- Opening Delimiter -

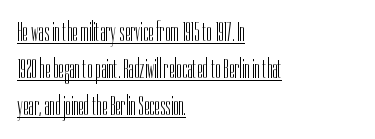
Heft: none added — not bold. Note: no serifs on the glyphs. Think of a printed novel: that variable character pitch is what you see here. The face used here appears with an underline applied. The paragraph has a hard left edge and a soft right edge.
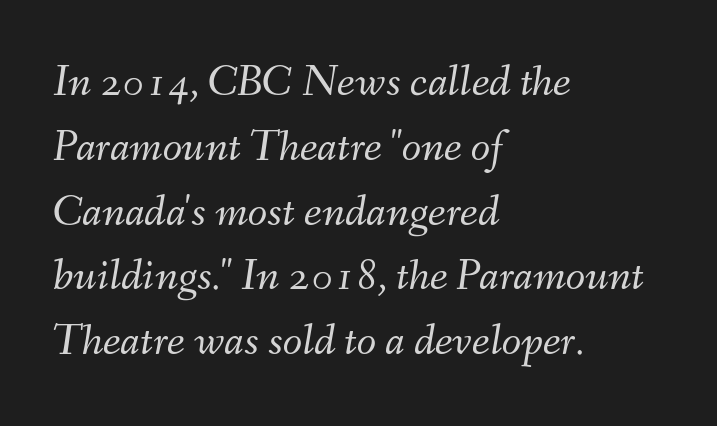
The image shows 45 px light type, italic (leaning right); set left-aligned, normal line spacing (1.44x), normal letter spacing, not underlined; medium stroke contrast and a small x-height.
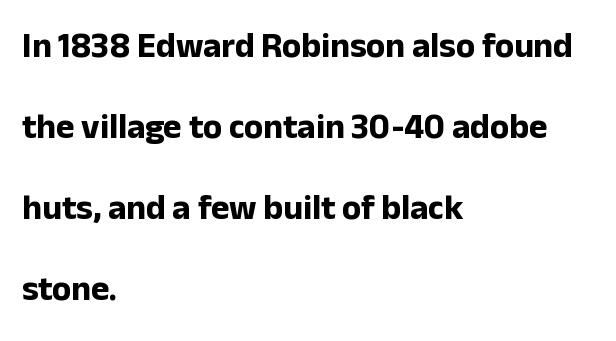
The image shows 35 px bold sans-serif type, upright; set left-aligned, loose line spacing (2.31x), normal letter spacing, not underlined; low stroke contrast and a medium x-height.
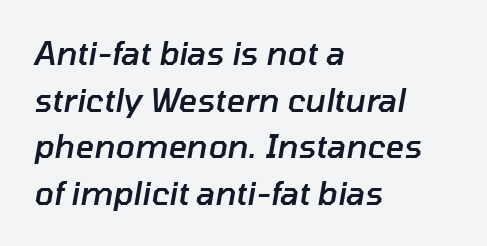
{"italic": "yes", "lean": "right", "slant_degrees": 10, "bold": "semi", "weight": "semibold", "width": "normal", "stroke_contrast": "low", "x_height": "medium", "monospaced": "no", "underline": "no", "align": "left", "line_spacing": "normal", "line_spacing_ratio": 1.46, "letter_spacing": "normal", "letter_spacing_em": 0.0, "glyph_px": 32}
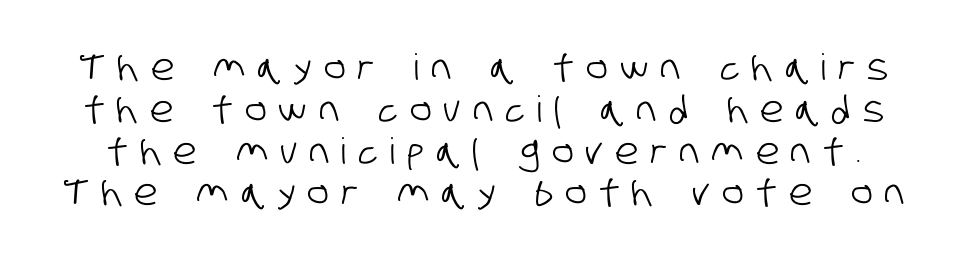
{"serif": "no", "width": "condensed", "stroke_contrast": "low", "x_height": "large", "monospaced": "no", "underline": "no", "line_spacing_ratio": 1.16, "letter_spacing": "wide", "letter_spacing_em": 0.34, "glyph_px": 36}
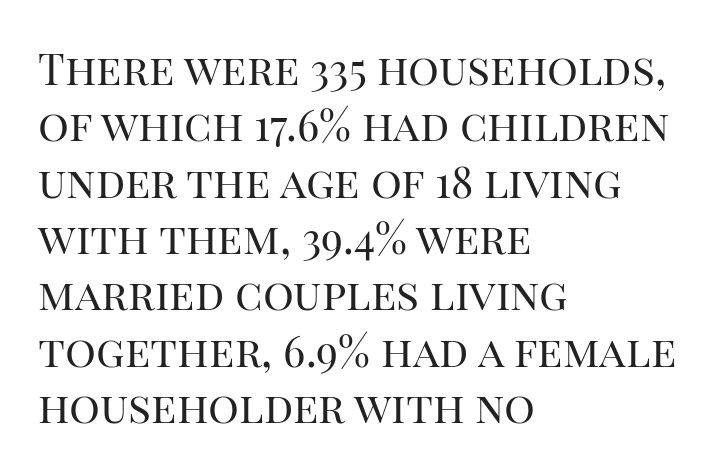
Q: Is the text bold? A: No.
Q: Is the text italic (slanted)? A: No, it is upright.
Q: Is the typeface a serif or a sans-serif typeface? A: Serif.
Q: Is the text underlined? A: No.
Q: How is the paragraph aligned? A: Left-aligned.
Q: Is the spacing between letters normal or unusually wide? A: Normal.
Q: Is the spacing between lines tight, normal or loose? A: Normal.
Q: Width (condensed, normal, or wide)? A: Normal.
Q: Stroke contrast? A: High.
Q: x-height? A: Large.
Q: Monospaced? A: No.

- Closing Delimiter -

- [Problem details] For each line above that includes "text", make a copy.

- [Solution for this task]
Q: Is the text bold? A: No.
Q: Is the text italic (slanted)? A: No, it is upright.
Q: Is the text underlined? A: No.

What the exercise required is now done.